Mr. Jeff Humphrey and Dr. Bruce Gabrielson
Kaman Sciences Corp.
Alexandria, VA

in Association with

Naval Research Laboratory

Network Security Issues

ADP Security Groups are quickly becoming a major force in most technical organizations with networked computer systems. The number of connections to on-site LANs (and number of LANs) are expanding, as are the number of sites with gateways to the Internet. Closely following the growth in network connections is the incidence of cracking/hacking and the often expensive cost of cleanup.

Two issues drive the need for protecting an organization's network. Sensitive and proprietary information is often contained in the local area networked computing base on-site. The National Computer Security Act requires personal information be protected from unauthorized access. Government organizations should be in full compliance with this privacy requirement.
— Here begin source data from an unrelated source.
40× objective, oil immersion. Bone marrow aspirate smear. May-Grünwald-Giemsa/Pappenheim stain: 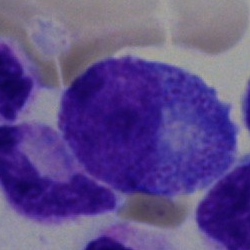

The cell shown is a progranulocyte.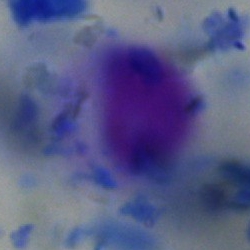

Artifact.
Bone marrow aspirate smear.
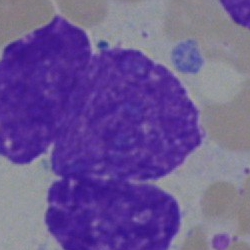Single cell identified as an artifact.
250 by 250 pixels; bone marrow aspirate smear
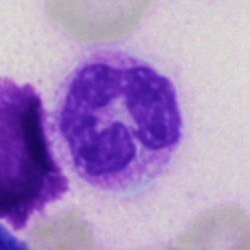 This is a neutrophil (segmented).
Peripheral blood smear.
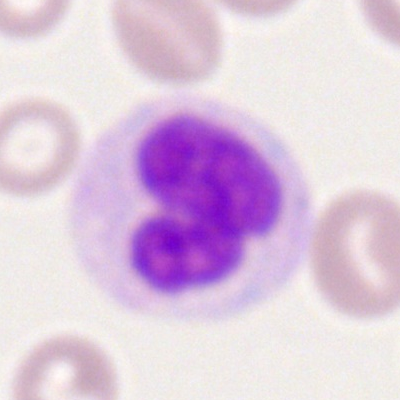 Single cell identified as a monocyte.
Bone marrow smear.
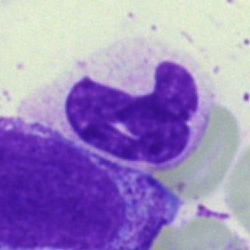

Cell type = segmented neutrophil.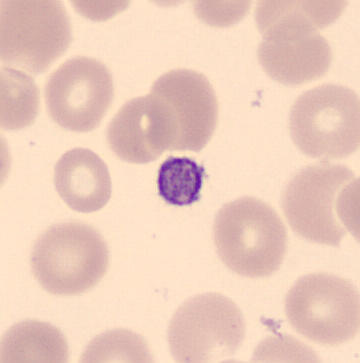 Q: What is shown here?
A: Thrombocyte.
Preparation: Peripheral blood film. CellaVision DM96 digital cell image. MGG stain.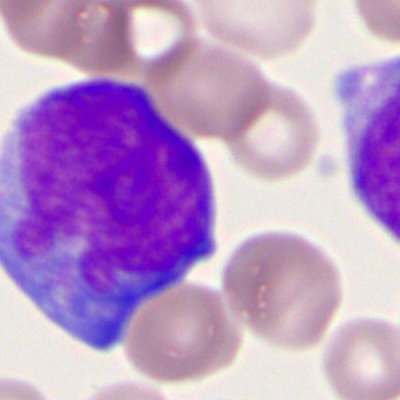 Q: What cell is this?
A: Myeloid blast.
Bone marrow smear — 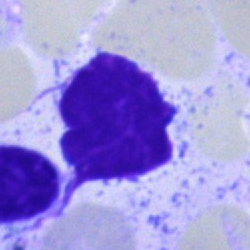

Q: What is shown here?
A: Artifact.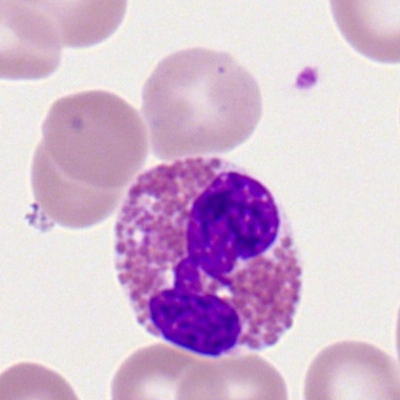Peripheral blood film, single cell — eosinophil.

In addition, these organizations have issued instructions regarding the protection of their sensitive, but unclassified information.

Commercial organizations have similar requirements, especially if they wish to stay in business very long. Trade secrets and market edge information are essential if a business is to remain competitive.
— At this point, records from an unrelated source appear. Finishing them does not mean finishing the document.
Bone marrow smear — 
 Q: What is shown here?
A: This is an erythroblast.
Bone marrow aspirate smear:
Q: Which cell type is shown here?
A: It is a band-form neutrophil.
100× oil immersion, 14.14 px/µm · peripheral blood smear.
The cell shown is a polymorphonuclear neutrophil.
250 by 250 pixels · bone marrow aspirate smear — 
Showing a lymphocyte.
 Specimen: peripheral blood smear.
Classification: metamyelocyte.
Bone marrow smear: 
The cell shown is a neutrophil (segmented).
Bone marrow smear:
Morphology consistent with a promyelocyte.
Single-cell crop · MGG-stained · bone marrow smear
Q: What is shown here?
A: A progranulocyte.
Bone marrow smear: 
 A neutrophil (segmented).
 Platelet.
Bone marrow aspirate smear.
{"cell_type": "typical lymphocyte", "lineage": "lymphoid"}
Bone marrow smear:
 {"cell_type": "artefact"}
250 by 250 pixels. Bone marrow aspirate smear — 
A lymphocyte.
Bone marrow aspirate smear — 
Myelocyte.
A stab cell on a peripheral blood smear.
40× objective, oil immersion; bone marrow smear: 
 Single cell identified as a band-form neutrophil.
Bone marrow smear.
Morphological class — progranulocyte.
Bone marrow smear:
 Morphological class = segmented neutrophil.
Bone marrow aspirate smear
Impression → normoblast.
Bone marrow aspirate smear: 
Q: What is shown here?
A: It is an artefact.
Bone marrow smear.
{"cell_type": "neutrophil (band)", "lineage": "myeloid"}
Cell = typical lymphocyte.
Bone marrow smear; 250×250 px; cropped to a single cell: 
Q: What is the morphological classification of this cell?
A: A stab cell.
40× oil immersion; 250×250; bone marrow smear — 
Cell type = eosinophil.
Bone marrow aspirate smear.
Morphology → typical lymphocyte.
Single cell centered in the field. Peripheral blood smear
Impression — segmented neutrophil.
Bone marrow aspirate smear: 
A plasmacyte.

The other problem relates to regular data protection. Down time to get your organization network back on-line, or to simply recover data after a virus attack can run to millions of dollars. Costs can also be high if certain types of data is manipulated to show other than its actual information.
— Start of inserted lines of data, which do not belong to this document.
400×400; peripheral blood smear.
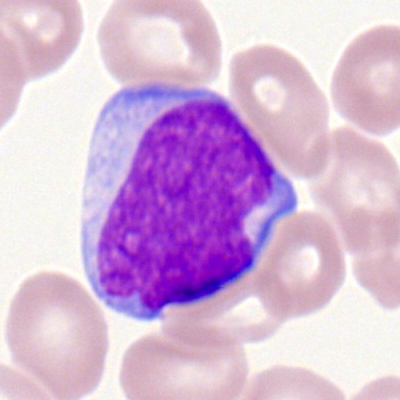
Q: What cell is this?
A: A myeloblast.
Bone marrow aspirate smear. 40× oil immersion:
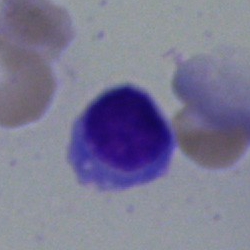
Q: Which cell type is shown here?
A: A typical lymphocyte.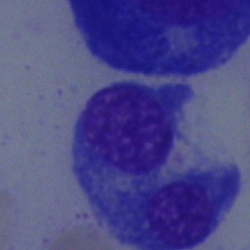

Bone marrow smear showing a nucleated red cell.
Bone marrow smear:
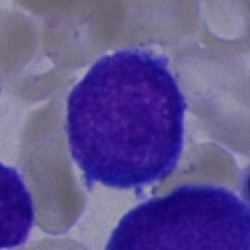 Showing a blast.
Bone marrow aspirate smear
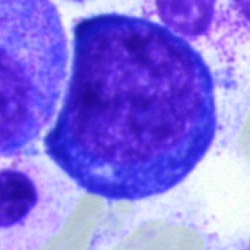
Proerythroblast.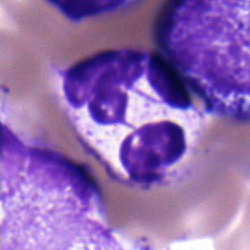
Impression → segmented neutrophil.
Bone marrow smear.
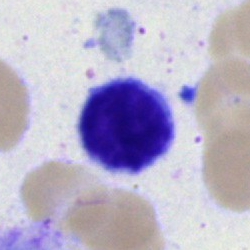This is a lymphocyte.
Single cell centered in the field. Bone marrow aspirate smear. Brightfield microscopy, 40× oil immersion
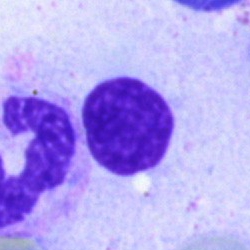

This is an artifact.
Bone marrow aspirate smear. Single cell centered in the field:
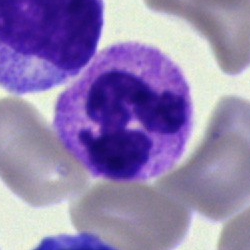
Cell type: polymorphonuclear neutrophil.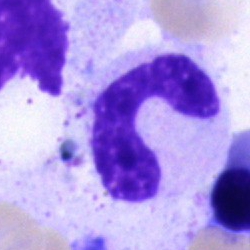 The cell shown is a band-form neutrophil.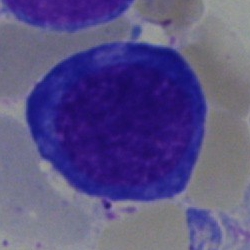
Cell type = pronormoblast.
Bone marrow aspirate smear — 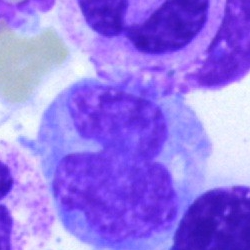

Impression — monocyte.
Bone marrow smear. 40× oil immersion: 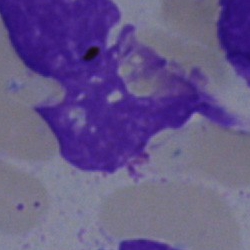 Morphological class = artifact.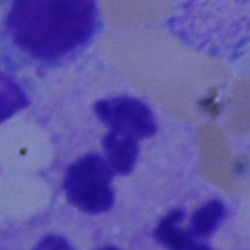 Segmented neutrophil.
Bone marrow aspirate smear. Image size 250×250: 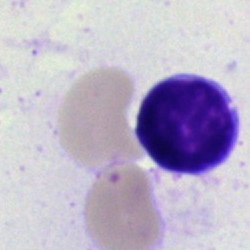Morphology — lymphocyte.
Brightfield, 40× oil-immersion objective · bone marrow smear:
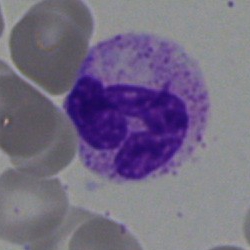
Q: Which cell type is shown here?
A: A neutrophil (segmented).

With information resources so important, any organization with a networked computer should require something be done about ADP security protection.

Cost Control in an Expanding Environment

As more ADP computing resources are added, the job of maintaining control goes up. However, budgets to perform security functions are shrinking, and there are limited personnel available to address the multitude of problems. Businesses and Government organizations consider ADP security an overhead cost center, the subject of most primary budget cuts. Although needed, it is increasingly more difficult to hire staff regardless of a growing workload.

The job of just identifying intrusions and network weaknesses gets more difficult as sophisticated problems become much less conspicuous. To address this issue, the necessary training and technical background of security personnel has become increasingly complex.

In an environment with many networks and network types, our own organization has found that we can no longer simply follow guidelines provided by others to tell the ADP security manager for a particular LAN all the problems or fixes possible for his or her machine, or even which known generic network problems might not be directly applicable or related. In most cases there are specific problems for specific applications, each requiring a unique fix.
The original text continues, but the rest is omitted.